CROSS MOTIONS FOR SUMMARY JUDGMENT

Summary judgment is appropriate when "the pleadings, depositions, answers to the interrogatories, and admissions on file, together with the affidavits, if any, show that there is no genuine issue of material fact and that the moving party is entitled to judgment as a matter of law." FED. R. CIV. P. 56(c). In deciding whether a genuine issue of material fact exists, "the evidence of the non-moving is to be believed, and all justifiable inferences are to be drawn in his favor." Anderson v. Liberty Lobby, Inc., 477 U.S. 242, 255 (1986). No genuine issue of material fact exists when a rational trier of fact could not find for the nonmoving party even when the record as a whole is viewed in the light most favorable to the nonmoving party. Ritchie v. Glidden Co., 242 F.3d 713, 720 (7th Cir. 2001). "The mere existence of an alleged factual dispute will not defeat a summary judgment motion; instead, the non-movant must present definite, competent evidence in rebuttal." Butts v. Aurora Health Care, Inc., 387 F.3d 921, 924 (7th Cir. 2004). The party with the burden of proof on an issue must show that there is enough evidence to support a jury verdict in his favor. Lawrence v. Kenosha County, 391 F.3d 837, 842 (7th Cir. 2004); see also Johnson v. Cambridge Indus., Inc., 325 F.3d 892, 901 (7th Cir. 2003).

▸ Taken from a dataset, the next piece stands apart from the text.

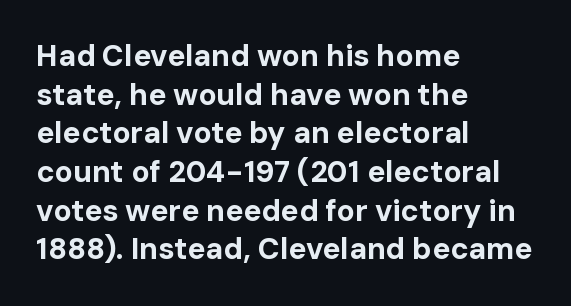
The rows are spaced the way most documents space them. Character widths vary here, with narrow letters taking less room than wide ones. Italic: no, the glyphs are upright roman. The passage shown has conventional tracking throughout.
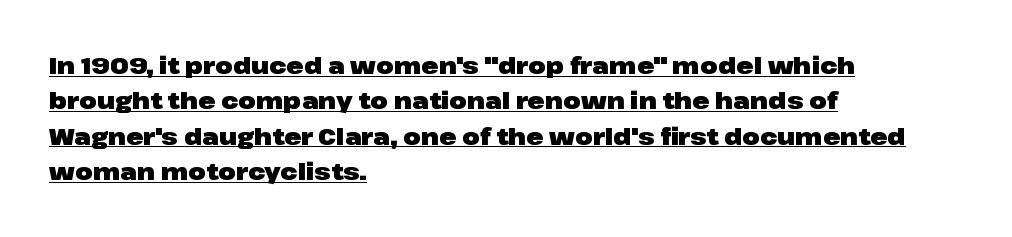
The image shows 23 px bold type, upright; set left-aligned, normal line spacing (1.54x), normal letter spacing, underlined.

The existence of cross-summary judgment motions doesn't establish an absence of genuine issues of material fact: "[p]arties have different burdens of proof with respect to particular facts; different legal theories will have an effect on which facts are material; and the process of taking the facts in the light most favorable to the non-movant, first for one side and then for the other, may highlight the point that neither side has enough to prevail without a trial." R.J. Corman Derailment Servs., LLC v. International Union of Operating Engineers, Local 150, 335 F.3d 643, 647-648 (7th Cir. 2003). The court isn't required to grant summary judgment for either side when faced with cross-motions. "Rather, the court is to evaluate each motion on its merits, resolving factual uncertainties and drawing all reasonable inferences against the movant." Crespo v. Unum Life Ins. Co. of America, 294 F. Supp.2d 980, 991 (N.D. Ind. 2003) (citations omitted).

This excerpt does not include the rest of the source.